Critical Evaluation of Automated Essay Scoring (AES) Systems for English Language Learners
In this research, we implemented Automated Essay Scoring (AES) systems utilizing DeBERTa, DistilBERT, and GPT-3.5 to evaluate essays written by 8th-12th grade English language learners. These systems were trained to assess essays across six aspects: cohesion, syntax, vocabulary, phraseology, grammar, and conventions. Additional textual features were integrated to delve deeper into the scoring decisions and to compare them with human assessments.
Model Comparison and Analysis:
- DeBERTa: Utilized for its advanced transformer architecture, which efficiently handles NLP tasks.

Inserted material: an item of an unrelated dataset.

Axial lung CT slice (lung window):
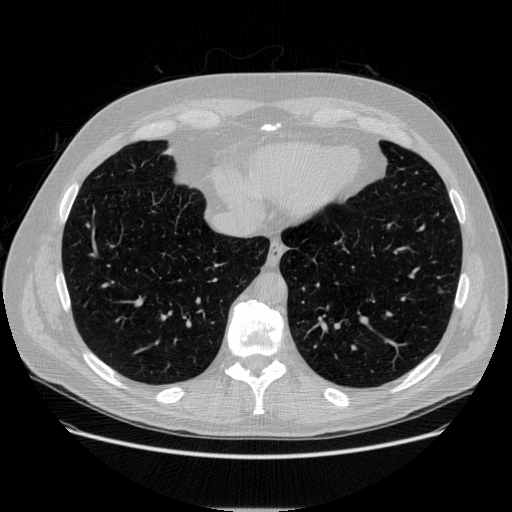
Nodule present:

The model was trained to predict scores across six critical essay evaluation metrics using a combination of mean pooling and linear output layers.
- DistilBERT: A more lightweight model, trained similarly to DeBERTa, focused on evaluating the same six linguistic dimensions.

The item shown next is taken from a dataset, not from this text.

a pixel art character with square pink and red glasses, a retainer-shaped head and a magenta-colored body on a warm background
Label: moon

- GPT-3.5: Employed through OpenAI's API, GPT-3.5 evaluated essays directly based on prompts, without the traditional training process. It was tasked with assessing the six linguistic aspects using both direct and graded sample approaches.
Findings:
- DeBERTa and DistilBERT demonstrated strong performance in assessing vocabulary but struggled with more complex aspects like grammar and cohesion, reflecting the inherent challenges in automated systems’ ability to interpret nuanced linguistic constructs.

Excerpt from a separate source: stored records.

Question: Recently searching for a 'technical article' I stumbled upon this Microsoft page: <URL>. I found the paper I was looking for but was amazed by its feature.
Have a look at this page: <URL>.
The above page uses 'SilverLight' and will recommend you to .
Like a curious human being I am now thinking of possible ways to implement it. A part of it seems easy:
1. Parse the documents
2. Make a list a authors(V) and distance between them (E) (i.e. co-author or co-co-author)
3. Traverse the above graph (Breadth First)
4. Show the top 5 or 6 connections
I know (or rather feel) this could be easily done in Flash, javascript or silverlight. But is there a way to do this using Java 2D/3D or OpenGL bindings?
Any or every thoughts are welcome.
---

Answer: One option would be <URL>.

- GPT-3.5 graded more harshly than both DeBERTa and DistilBERT, with higher RMSE scores indicating greater deviation from human grading. However, GPT-3.5 was consistent in its grading, particularly in detecting structural and grammatical issues.
Conclusion:
The analysis revealed that while AES systems like DeBERTa and DistilBERT can approximate human scoring in certain contexts, their efficacy is closely tied to the complexity of the text. These models excel in evaluating vocabulary but struggle with grammar and cohesion, highlighting areas for future improvement in NLP technologies. GPT-3.5, while consistent, applies stricter grading standards, underscoring the need for flexibility in automated grading systems to better mimic human judgment.